**EXERCISE GOAL**
Set down the full listing below word for word; pictures stay out of the copy.
- Opening Delimiter -
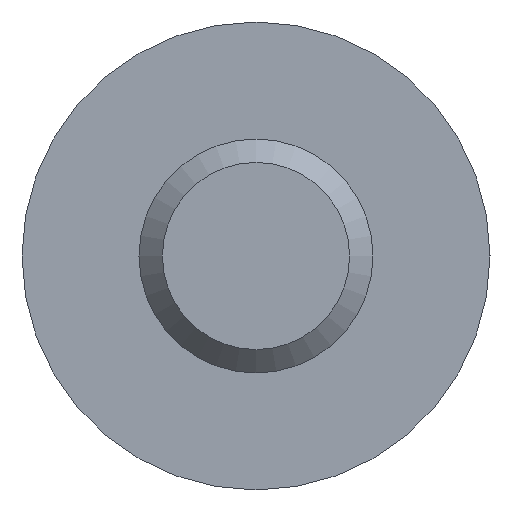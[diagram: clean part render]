
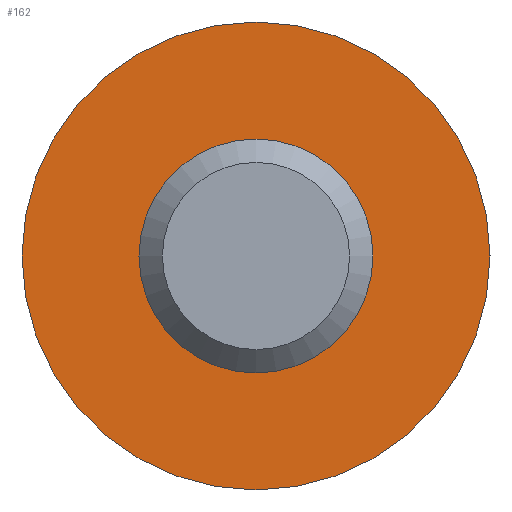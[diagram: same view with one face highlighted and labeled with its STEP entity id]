
A CAD part, front view. The second image highlights one B-rep face of the part: STEP entity #162.
In plain terms, the highlighted planar face has unit normal (0, -1, 0).
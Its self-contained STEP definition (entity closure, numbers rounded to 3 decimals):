
#96 = CYLINDRICAL_SURFACE('',#97,2.5);
#97 = AXIS2_PLACEMENT_3D('',#98,#99,#100);
#98 = CARTESIAN_POINT('',(0.,-33.,0.));
#99 = DIRECTION('',(0.,1.,0.));
#100 = DIRECTION('',(0.,0.,1.));
#112 = VERTEX_POINT('',#113);
#113 = CARTESIAN_POINT('',(0.,-19.,2.5));
#136 = EDGE_CURVE('',#112,#112,#137,.T.);
#137 = SURFACE_CURVE('',#138,(#143,#150),.PCURVE_S1.);
#138 = CIRCLE('',#139,2.5);
#139 = AXIS2_PLACEMENT_3D('',#140,#141,#142);
#140 = CARTESIAN_POINT('',(0.,-19.,0.));
#141 = DIRECTION('',(0.,1.,-0.));
#142 = DIRECTION('',(0.,0.,1.));
#143 = PCURVE('',#96,#144);
#144 = DEFINITIONAL_REPRESENTATION('',(#145),#149);
#145 = LINE('',#146,#147);
#146 = CARTESIAN_POINT('',(0.,14.));
#147 = VECTOR('',#148,1.);
#148 = DIRECTION('',(1.,0.));
#149 = ( GEOMETRIC_REPRESENTATION_CONTEXT(2) 
PARAMETRIC_REPRESENTATION_CONTEXT() REPRESENTATION_CONTEXT('2D SPACE',''
  ) );
#150 = PCURVE('',#151,#156);
#151 = PLANE('',#152);
#152 = AXIS2_PLACEMENT_3D('',#153,#154,#155);
#153 = CARTESIAN_POINT('',(0.,-19.,0.));
#154 = DIRECTION('',(0.,1.,0.));
#155 = DIRECTION('',(0.,0.,1.));
#156 = DEFINITIONAL_REPRESENTATION('',(#157),#161);
#157 = CIRCLE('',#158,2.5);
#158 = AXIS2_PLACEMENT_2D('',#159,#160);
#159 = CARTESIAN_POINT('',(0.,0.));
#160 = DIRECTION('',(1.,-0.));
#161 = ( GEOMETRIC_REPRESENTATION_CONTEXT(2) 
PARAMETRIC_REPRESENTATION_CONTEXT() REPRESENTATION_CONTEXT('2D SPACE',''
  ) );
#162 = ADVANCED_FACE('',(#163,#166),#151,.F.);
#163 = FACE_BOUND('',#164,.T.);
#164 = EDGE_LOOP('',(#165));
#165 = ORIENTED_EDGE('',*,*,#136,.T.);
#166 = FACE_BOUND('',#167,.T.);
#167 = EDGE_LOOP('',(#168));
#168 = ORIENTED_EDGE('',*,*,#169,.F.);
#169 = EDGE_CURVE('',#170,#170,#172,.T.);
#170 = VERTEX_POINT('',#171);
#171 = CARTESIAN_POINT('',(0.,-19.,5.));
#172 = SURFACE_CURVE('',#173,(#178,#185),.PCURVE_S1.);
#173 = CIRCLE('',#174,5.);
#174 = AXIS2_PLACEMENT_3D('',#175,#176,#177);
#175 = CARTESIAN_POINT('',(0.,-19.,0.));
#176 = DIRECTION('',(0.,1.,-0.));
#177 = DIRECTION('',(0.,0.,1.));
#178 = PCURVE('',#151,#179);
#179 = DEFINITIONAL_REPRESENTATION('',(#180),#184);
#180 = CIRCLE('',#181,5.);
#181 = AXIS2_PLACEMENT_2D('',#182,#183);
#182 = CARTESIAN_POINT('',(0.,0.));
#183 = DIRECTION('',(1.,-0.));
#184 = ( GEOMETRIC_REPRESENTATION_CONTEXT(2) 
PARAMETRIC_REPRESENTATION_CONTEXT() REPRESENTATION_CONTEXT('2D SPACE',''
  ) );
#185 = PCURVE('',#186,#191);
#186 = CYLINDRICAL_SURFACE('',#187,5.);
#187 = AXIS2_PLACEMENT_3D('',#188,#189,#190);
#188 = CARTESIAN_POINT('',(0.,-19.,0.));
#189 = DIRECTION('',(0.,1.,0.));
#190 = DIRECTION('',(0.,0.,1.));
#191 = DEFINITIONAL_REPRESENTATION('',(#192),#196);
#192 = LINE('',#193,#194);
#193 = CARTESIAN_POINT('',(0.,0.));
#194 = VECTOR('',#195,1.);
#195 = DIRECTION('',(1.,0.));
#196 = ( GEOMETRIC_REPRESENTATION_CONTEXT(2) 
PARAMETRIC_REPRESENTATION_CONTEXT() REPRESENTATION_CONTEXT('2D SPACE',''
  ) );
- Closing Delimiter -
**YOUR SOLUTION**
[diagram: clean part render]
[diagram: same view with one face highlighted and labeled with its STEP entity id]
A CAD part, front view. The second image highlights one B-rep face of the part: STEP entity #162.
In plain terms, the highlighted planar face has unit normal (0, -1, 0).
Its self-contained STEP definition (entity closure, numbers rounded to 3 decimals):
#96 = CYLINDRICAL_SURFACE('',#97,2.5);
#97 = AXIS2_PLACEMENT_3D('',#98,#99,#100);
#98 = CARTESIAN_POINT('',(0.,-33.,0.));
#99 = DIRECTION('',(0.,1.,0.));
#100 = DIRECTION('',(0.,0.,1.));
#112 = VERTEX_POINT('',#113);
#113 = CARTESIAN_POINT('',(0.,-19.,2.5));
#136 = EDGE_CURVE('',#112,#112,#137,.T.);
#137 = SURFACE_CURVE('',#138,(#143,#150),.PCURVE_S1.);
#138 = CIRCLE('',#139,2.5);
#139 = AXIS2_PLACEMENT_3D('',#140,#141,#142);
#140 = CARTESIAN_POINT('',(0.,-19.,0.));
#141 = DIRECTION('',(0.,1.,-0.));
#142 = DIRECTION('',(0.,0.,1.));
#143 = PCURVE('',#96,#144);
#144 = DEFINITIONAL_REPRESENTATION('',(#145),#149);
#145 = LINE('',#146,#147);
#146 = CARTESIAN_POINT('',(0.,14.));
#147 = VECTOR('',#148,1.);
#148 = DIRECTION('',(1.,0.));
#149 = ( GEOMETRIC_REPRESENTATION_CONTEXT(2) 
PARAMETRIC_REPRESENTATION_CONTEXT() REPRESENTATION_CONTEXT('2D SPACE',''
  ) );
#150 = PCURVE('',#151,#156);
#151 = PLANE('',#152);
#152 = AXIS2_PLACEMENT_3D('',#153,#154,#155);
#153 = CARTESIAN_POINT('',(0.,-19.,0.));
#154 = DIRECTION('',(0.,1.,0.));
#155 = DIRECTION('',(0.,0.,1.));
#156 = DEFINITIONAL_REPRESENTATION('',(#157),#161);
#157 = CIRCLE('',#158,2.5);
#158 = AXIS2_PLACEMENT_2D('',#159,#160);
#159 = CARTESIAN_POINT('',(0.,0.));
#160 = DIRECTION('',(1.,-0.));
#161 = ( GEOMETRIC_REPRESENTATION_CONTEXT(2) 
PARAMETRIC_REPRESENTATION_CONTEXT() REPRESENTATION_CONTEXT('2D SPACE',''
  ) );
#162 = ADVANCED_FACE('',(#163,#166),#151,.F.);
#163 = FACE_BOUND('',#164,.T.);
#164 = EDGE_LOOP('',(#165));
#165 = ORIENTED_EDGE('',*,*,#136,.T.);
#166 = FACE_BOUND('',#167,.T.);
#167 = EDGE_LOOP('',(#168));
#168 = ORIENTED_EDGE('',*,*,#169,.F.);
#169 = EDGE_CURVE('',#170,#170,#172,.T.);
#170 = VERTEX_POINT('',#171);
#171 = CARTESIAN_POINT('',(0.,-19.,5.));
#172 = SURFACE_CURVE('',#173,(#178,#185),.PCURVE_S1.);
#173 = CIRCLE('',#174,5.);
#174 = AXIS2_PLACEMENT_3D('',#175,#176,#177);
#175 = CARTESIAN_POINT('',(0.,-19.,0.));
#176 = DIRECTION('',(0.,1.,-0.));
#177 = DIRECTION('',(0.,0.,1.));
#178 = PCURVE('',#151,#179);
#179 = DEFINITIONAL_REPRESENTATION('',(#180),#184);
#180 = CIRCLE('',#181,5.);
#181 = AXIS2_PLACEMENT_2D('',#182,#183);
#182 = CARTESIAN_POINT('',(0.,0.));
#183 = DIRECTION('',(1.,-0.));
#184 = ( GEOMETRIC_REPRESENTATION_CONTEXT(2) 
PARAMETRIC_REPRESENTATION_CONTEXT() REPRESENTATION_CONTEXT('2D SPACE',''
  ) );
#185 = PCURVE('',#186,#191);
#186 = CYLINDRICAL_SURFACE('',#187,5.);
#187 = AXIS2_PLACEMENT_3D('',#188,#189,#190);
#188 = CARTESIAN_POINT('',(0.,-19.,0.));
#189 = DIRECTION('',(0.,1.,0.));
#190 = DIRECTION('',(0.,0.,1.));
#191 = DEFINITIONAL_REPRESENTATION('',(#192),#196);
#192 = LINE('',#193,#194);
#193 = CARTESIAN_POINT('',(0.,0.));
#194 = VECTOR('',#195,1.);
#195 = DIRECTION('',(1.,0.));
#196 = ( GEOMETRIC_REPRESENTATION_CONTEXT(2) 
PARAMETRIC_REPRESENTATION_CONTEXT() REPRESENTATION_CONTEXT('2D SPACE',''
  ) );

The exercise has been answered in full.